Food for Thought: How Nutrition Affects Teens’ Mental Health

Just as our mental health has an impact on our physical well-being, so does our mood influence how and what we eat – and the reverse is true in both cases, as improving physical health and eating healthy has shown to have a significant impact on mood and mental health. A good diet correlates with fewer instances of depression, even when accounting for other factors and stressors, and improving one’s nutrition can relieve and reduce anxiety.

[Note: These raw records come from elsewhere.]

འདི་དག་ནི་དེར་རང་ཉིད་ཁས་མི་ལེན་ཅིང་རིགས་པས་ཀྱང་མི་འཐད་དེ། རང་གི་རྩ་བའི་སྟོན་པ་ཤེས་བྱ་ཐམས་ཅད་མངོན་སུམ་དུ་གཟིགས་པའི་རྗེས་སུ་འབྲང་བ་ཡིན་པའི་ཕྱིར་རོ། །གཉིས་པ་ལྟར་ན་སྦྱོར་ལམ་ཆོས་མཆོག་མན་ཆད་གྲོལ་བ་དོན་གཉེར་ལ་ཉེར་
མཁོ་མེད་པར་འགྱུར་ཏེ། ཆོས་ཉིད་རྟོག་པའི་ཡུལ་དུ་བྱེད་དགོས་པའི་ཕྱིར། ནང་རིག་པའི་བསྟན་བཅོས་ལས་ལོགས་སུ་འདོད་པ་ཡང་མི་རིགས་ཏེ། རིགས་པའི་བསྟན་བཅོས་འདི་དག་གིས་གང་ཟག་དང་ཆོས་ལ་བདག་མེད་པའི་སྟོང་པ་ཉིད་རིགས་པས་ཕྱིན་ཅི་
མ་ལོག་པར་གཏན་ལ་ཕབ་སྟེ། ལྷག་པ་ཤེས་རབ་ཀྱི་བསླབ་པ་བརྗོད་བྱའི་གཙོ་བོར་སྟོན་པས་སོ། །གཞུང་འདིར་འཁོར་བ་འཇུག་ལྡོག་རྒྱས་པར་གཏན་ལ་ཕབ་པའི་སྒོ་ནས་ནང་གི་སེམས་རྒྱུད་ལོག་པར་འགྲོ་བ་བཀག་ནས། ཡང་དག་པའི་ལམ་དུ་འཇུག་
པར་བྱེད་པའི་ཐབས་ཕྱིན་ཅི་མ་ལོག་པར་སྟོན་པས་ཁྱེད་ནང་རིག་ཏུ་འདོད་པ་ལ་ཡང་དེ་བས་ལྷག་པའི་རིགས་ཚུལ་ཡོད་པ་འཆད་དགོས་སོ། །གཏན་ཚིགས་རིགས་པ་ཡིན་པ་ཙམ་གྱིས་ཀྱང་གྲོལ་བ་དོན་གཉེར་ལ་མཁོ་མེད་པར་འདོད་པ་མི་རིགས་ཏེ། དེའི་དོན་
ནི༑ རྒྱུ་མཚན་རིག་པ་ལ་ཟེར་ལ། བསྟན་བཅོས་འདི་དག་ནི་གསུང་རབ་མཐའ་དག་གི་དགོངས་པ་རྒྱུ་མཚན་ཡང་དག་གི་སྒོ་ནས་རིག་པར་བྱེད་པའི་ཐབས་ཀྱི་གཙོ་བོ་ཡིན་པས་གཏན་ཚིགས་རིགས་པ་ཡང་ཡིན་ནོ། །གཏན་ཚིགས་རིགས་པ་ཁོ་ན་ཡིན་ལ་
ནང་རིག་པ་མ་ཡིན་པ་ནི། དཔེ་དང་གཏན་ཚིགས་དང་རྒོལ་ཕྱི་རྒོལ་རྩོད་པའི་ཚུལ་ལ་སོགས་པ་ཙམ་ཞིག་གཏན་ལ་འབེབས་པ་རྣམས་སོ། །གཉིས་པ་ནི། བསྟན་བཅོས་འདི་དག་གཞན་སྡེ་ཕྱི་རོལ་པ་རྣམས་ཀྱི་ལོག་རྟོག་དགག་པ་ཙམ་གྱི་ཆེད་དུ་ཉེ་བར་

This is doubly important for teens, who are still growing and need as many quality nutrients as possible to reach their full potential. How and why food interacts with the mind is a complex question, and the answer lies in the many interactions between nutrition, nutrients and the brain, as well as the effects of so-called micronutrients – minerals, vitamins, beneficial fatty acids, antioxidants, and polyphenols.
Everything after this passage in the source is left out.